From Children’s Literature
…The humorous text, replete with names like sculpture teacher Clay Lumpkin and karate Grand Master HiYa, holds a serious lesson for over scheduling parents. Ernestine’s unhappiness is clear on the jacket, where Beaky’s acrylic paintings show her pulling a wagon filled with equipment for her lessons, while she sorrowfully eyeballs Hugo at play and Nanny checks the schedule. Not quite cartoons, the characters are more doll-like with naturalistic bodies and large, expressive eyes. Full and double-page scenes of action set the stage for each activity, with characters designed to add to the humor. – Ken Marantz and Sylvia Marantz
From The New York Journal of Books
The illustrator has created beautiful and detailed artwork that really helps emphasize Ernestine and her crazy life. The images are creative and funny. Children … will delight in the moral of the story: Sometimes a kid just needs to have time to play, have fun, and exercise only the imagination.
From Library Media Connection
…This will be a fun story for kids to read to their parents. The comical illustrations will have readers engaged. A good read aloud….
From Michigan Reading Journal
Ernestine Buckmeister is a very busy girl. Her parents have every minute of every day planned out for her with the hopes that she “lives life to the fullest”. In the end everyone learns that finding time to play is part of “living life to the fullest.” Children can easily relate to Ernestine’s over-scheduled life and will enjoy the beautiful illustrations. It’s sure to be a favorite.

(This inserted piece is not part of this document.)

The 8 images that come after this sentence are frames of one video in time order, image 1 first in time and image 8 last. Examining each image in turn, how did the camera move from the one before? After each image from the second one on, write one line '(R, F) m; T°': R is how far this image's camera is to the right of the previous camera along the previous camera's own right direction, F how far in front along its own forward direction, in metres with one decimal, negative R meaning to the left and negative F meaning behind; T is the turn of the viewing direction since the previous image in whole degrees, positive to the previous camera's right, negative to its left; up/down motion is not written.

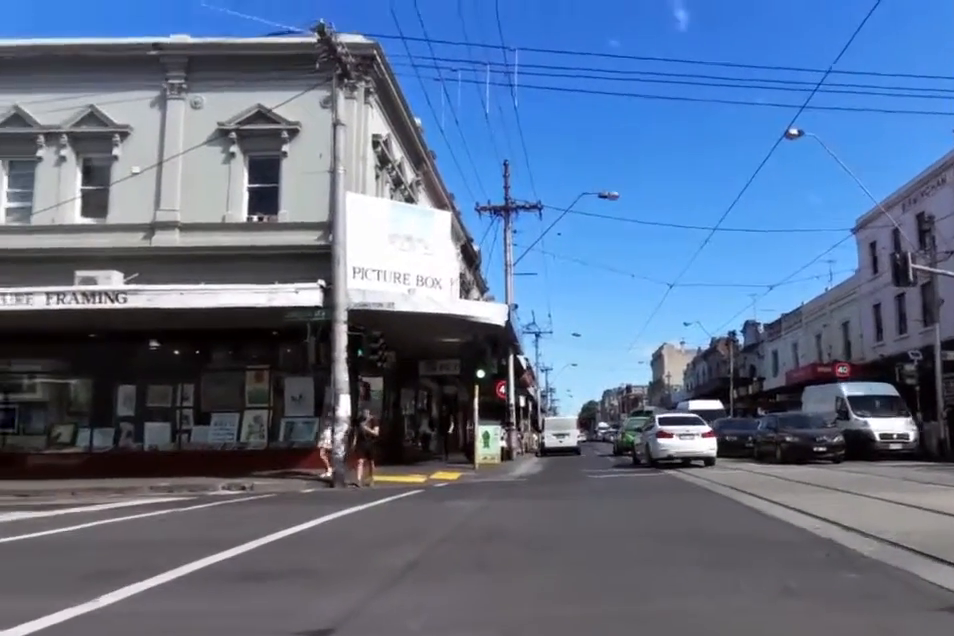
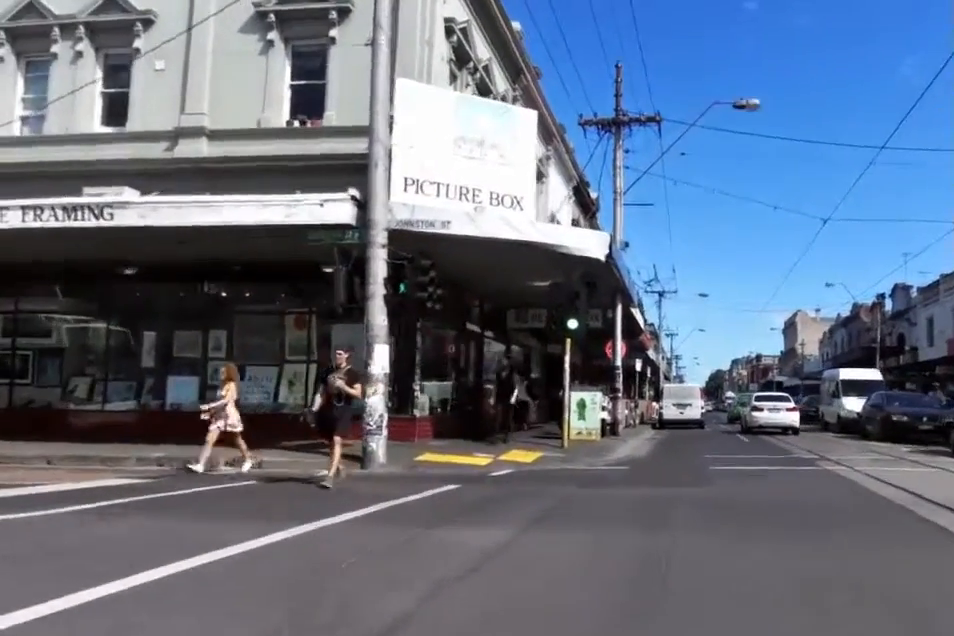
(0.0, +10.9) m; +2°
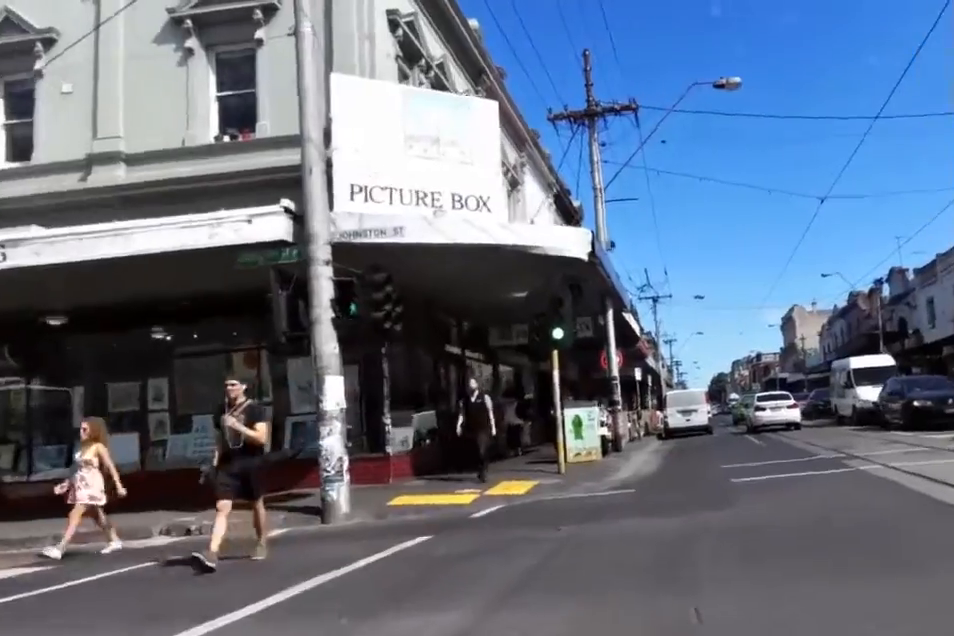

From Library Sparks Magazine
Ernestine’s busy parents sign her up for every class and lesson in town and hire a nanny to keep her on schedule. But Ernestine envies her neighbor Hugo, who entertains himself playing in his yard. So she “schedules” some free play time and draws Nanny O’Dear into the magic. After a funny, frenzied search to find the off-schedule pair, her parents not only agree to compromise but discover the joys of imaginative play for themselves. Delightful!
From Jessica’s Reviews
First, I really like the illustrations in this book. They fully convey the emotions everyone is feeling and they are cute. Secondly, this serves as a good reminder to let kids be kids, to be careful about how much we sign them up for. Last, I think it could serve as a teacher for children to try to have an open communication with their parents about their wants, hopes, goals, dreams.
From The Play Lady
Given my love for books — my time at the Child Life Conference did not disappoint! I was introduced to numerous books that I cannot wait to get my hands on! One of the books that I ordered as soon as I arrived home is entitled, The Busy Life of Ernestine Buckmeister, by Linda Ravin Lodding. This is a must have for any parent who values play! Children today are not given the opportunity to imagine, create, and explore. Instead, to much for their time is scheduled with various activities and high expectations. This book explains how Ernestine was able to get to the important stuff like rolling down a hill, building a treehouse, and explore with her friend. When children are not able to play outside, explore their world, and interact with others their cognitive, emotional and social development is impacted in a negative way.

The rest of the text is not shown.